Because it is a very broad subject, astrophysicists typically apply many disciplines of physics including, but not limited to, mechanics, electromagnetism, statistical mechanics, thermodynamics, quantum mechanics, relativity, nuclear and particle physics, and atomic and molecular physics. In practice, modern astronomical research involves a substantial amount of physics. The name of a university's department ("astrophysics" or "astronomy") often has to do more with the department's history than with the contents of the programs.


Although astronomy is as old as recorded history, it was long separated from the study of physics. In the Aristotelian worldview, the celestial pertained to perfection—bodies in the sky being perfect spheres moving in perfectly circular orbits—while the earthly pertained to imperfection; these two realms were seen as unrelated.

For centuries, the apparently common-sense view that the Sun and other planets went round the Earth went basically unquestioned, until Nicolaus Copernicus suggested in the 16th century that the Earth and all the other planets in the Solar System orbited the Sun. This idea had been around, though, for nearly 2000 years when Aristarchus first suggested it, but not in such a nice mathematical model. Galileo Galilei made quantitative measurements central to physics, but in astronomy his observation did not have astrophysical significance.

The availability of accurate observational data led to research into theoretical explanations for the observed behavior. At first, only ad-hoc rules were discovered, such as Kepler's laws of planetary motion, discovered at the start of the 17th century. Later that century, Isaac Newton, bridged the gap between Kepler's laws and Galileo's dynamics, discovering that the same laws that rule the dynamics of objects on earth rules the motion of planets and the moon. Celestial mechanics, the application of Newtonian gravity and Newton's laws to explain Kepler's laws of planetary motion, was the first unification of astronomy and physics.
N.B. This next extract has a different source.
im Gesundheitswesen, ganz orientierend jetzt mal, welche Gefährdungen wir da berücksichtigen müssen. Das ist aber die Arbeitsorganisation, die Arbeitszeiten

After Isaac Newton published his Principia, maritime navigation was transformed. Starting around 1670, the entire world was measured using essentially modern latitude instruments and the best available clocks. The needs of navigation provided a drive for progressively more accurate astronomical observations and instruments, providing a background for ever more available data for scientists.
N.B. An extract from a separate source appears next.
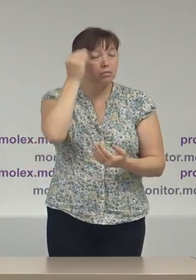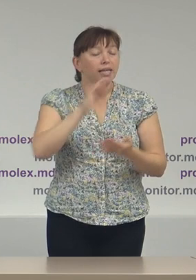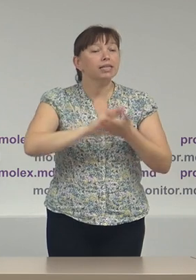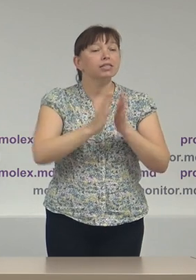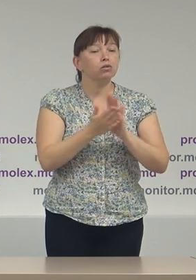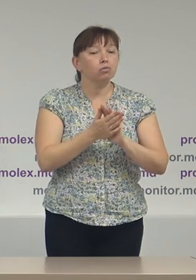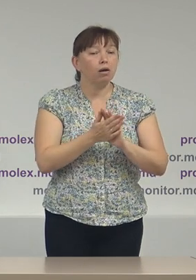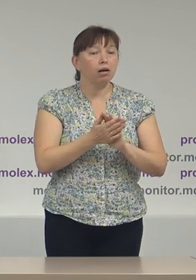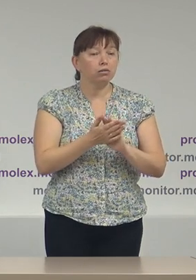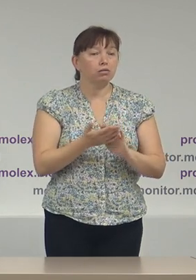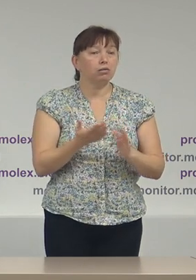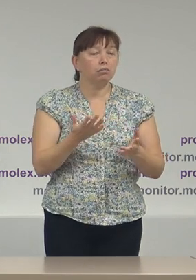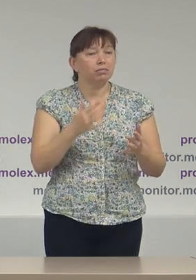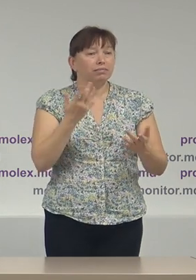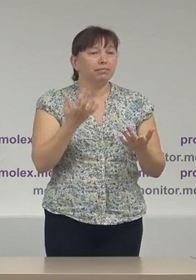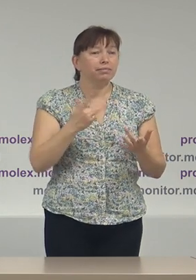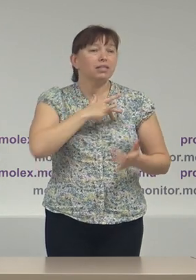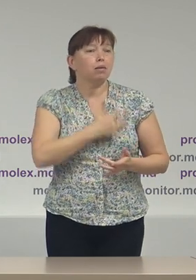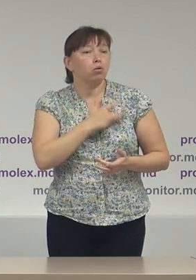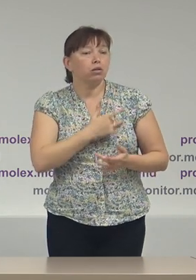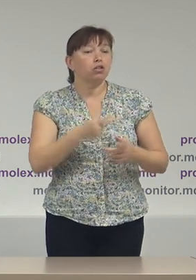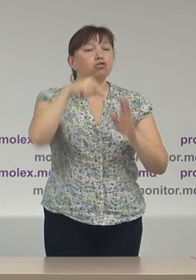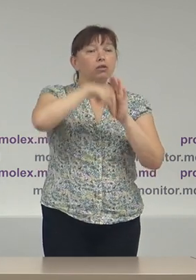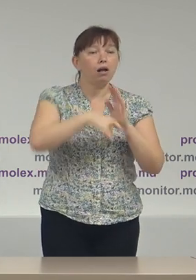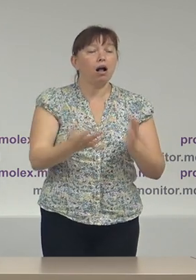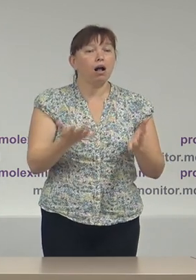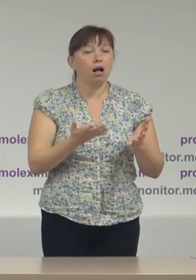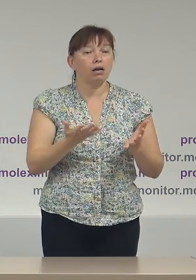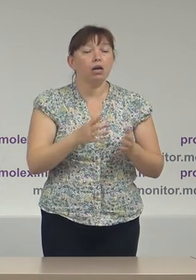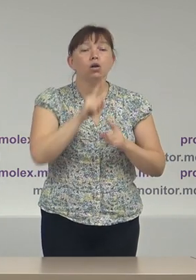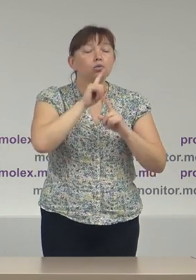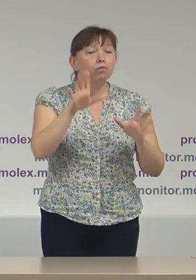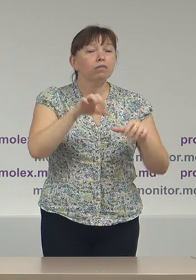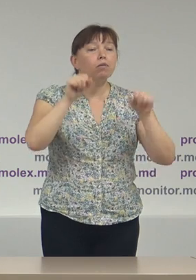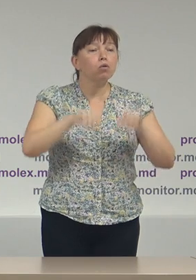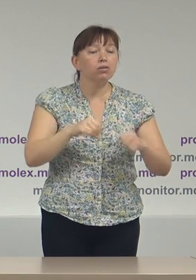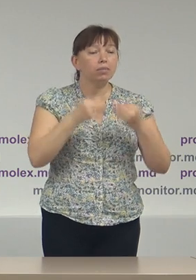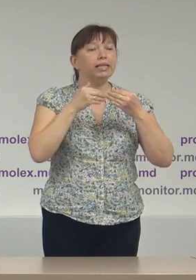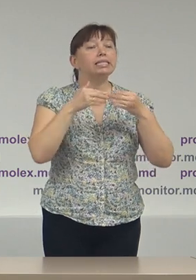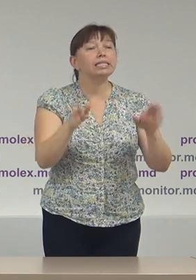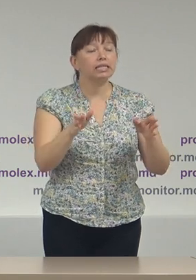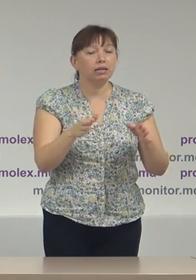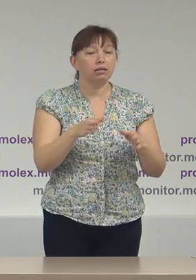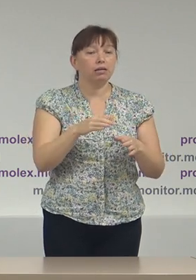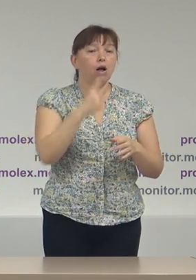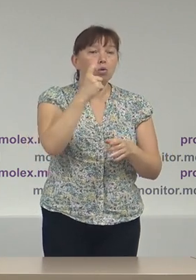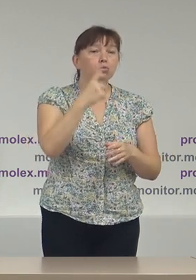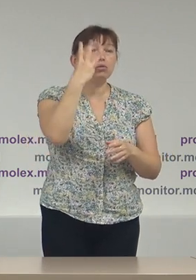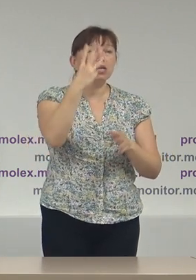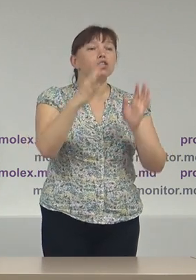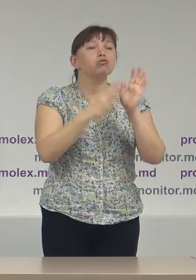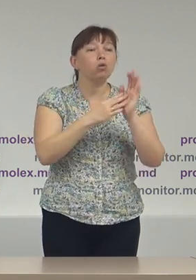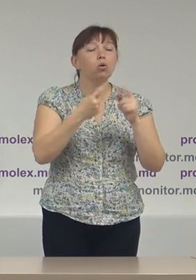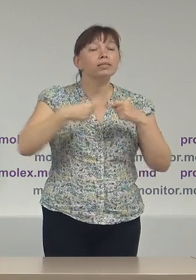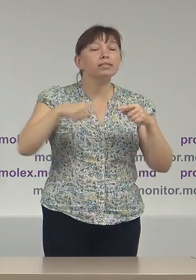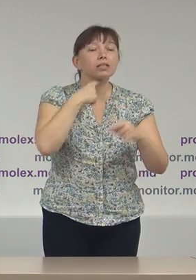situațiile ipotetice în care nu va fi posibilă deschiderea a 139 de

At the end of the 19th century it was discovered that, when decomposing the light from the Sun, a multitude of spectral lines were observed (regions where there was less or no light). Experiments with hot gases showed that the same lines could be observed in the spectra of gases, specific lines corresponding to unique chemical elements. In this way it was proved that the chemical elements found in the Sun (chiefly hydrogen) were also found on Earth. Indeed, the element helium was first discovered in the spectrum of the sun and only later on earth, hence its name. During the 20th century, spectrometry (the study of these spectral lines) advanced, particularly as a result of the advent of quantum physics that was necessary to understand the astronomical and experimental observations.

See also:

Observational astrophysics

Most astrophysical processes cannot be reproduced in laboratories on Earth. However, there is a huge variety of astronomical objects visible all over the electromagnetic spectrum. The study of these objects through passive collection of data is the goal of observational astrophysics.
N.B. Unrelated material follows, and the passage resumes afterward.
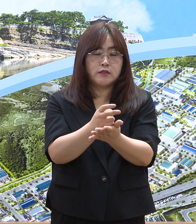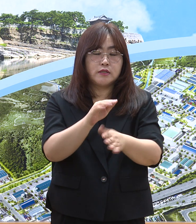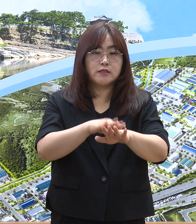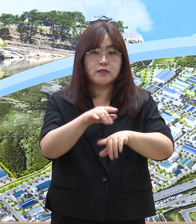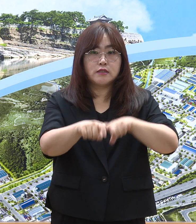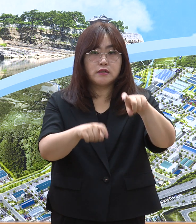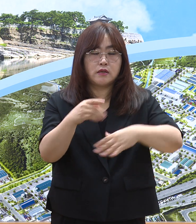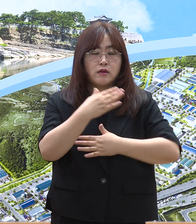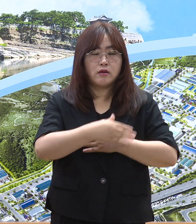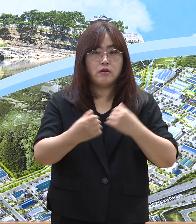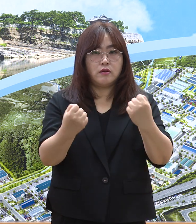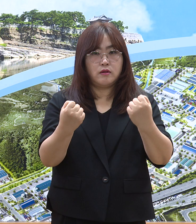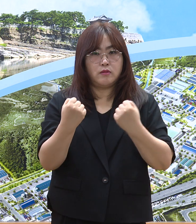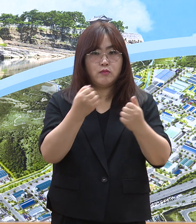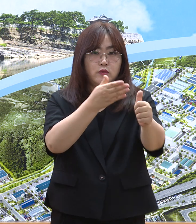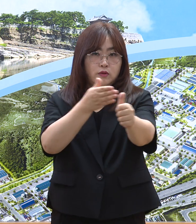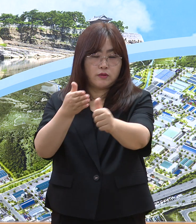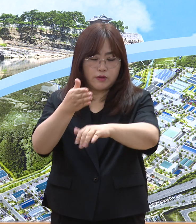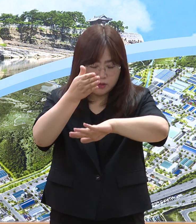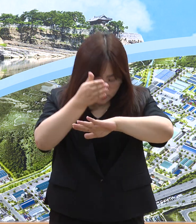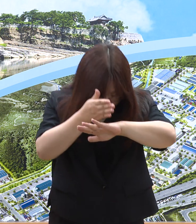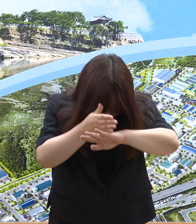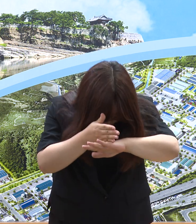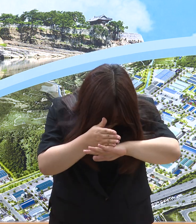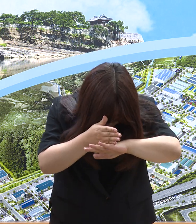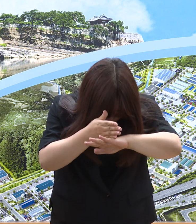지켜나가시기 바랍니다. 감사합니다.

The equipment and techniques required to study an astrophysical phenomenon can vary widely. Many astrophysical phenomena that are of current interest can only be studied by using very advanced technology and were simply not known until very recently.

The majority of astrophysical observations are made using the electromagnetic spectrum.

Other than electromagnetic radiation, few things may be observed from the Earth that originate from great distances. A few gravitational wave observatories have been constructed, but gravitational waves are extremely difficult to detect. Neutrino observatories have also been built, primarily to study our Sun. Cosmic rays consisting of very high energy particles can be observed hitting the Earth's atmosphere.

Observations can also vary in their time scale. Most optical observations take minutes to hours, so phenomena that change faster than this cannot readily be observed. However, historical data on some objects is available spanning centuries or millennia. On the other hand, radio observations may look at events on a millisecond timescale (millisecond pulsars) or combine years of data (pulsar deceleration studies). The information obtained from these different timescales is very different.

The study of our own Sun has a special place in observational astrophysics. Due to the tremendous distance of all other stars, the Sun can be observed in a kind of detail unparalleled by any other star. Our understanding of our own sun serves as a guide to our understanding of other stars.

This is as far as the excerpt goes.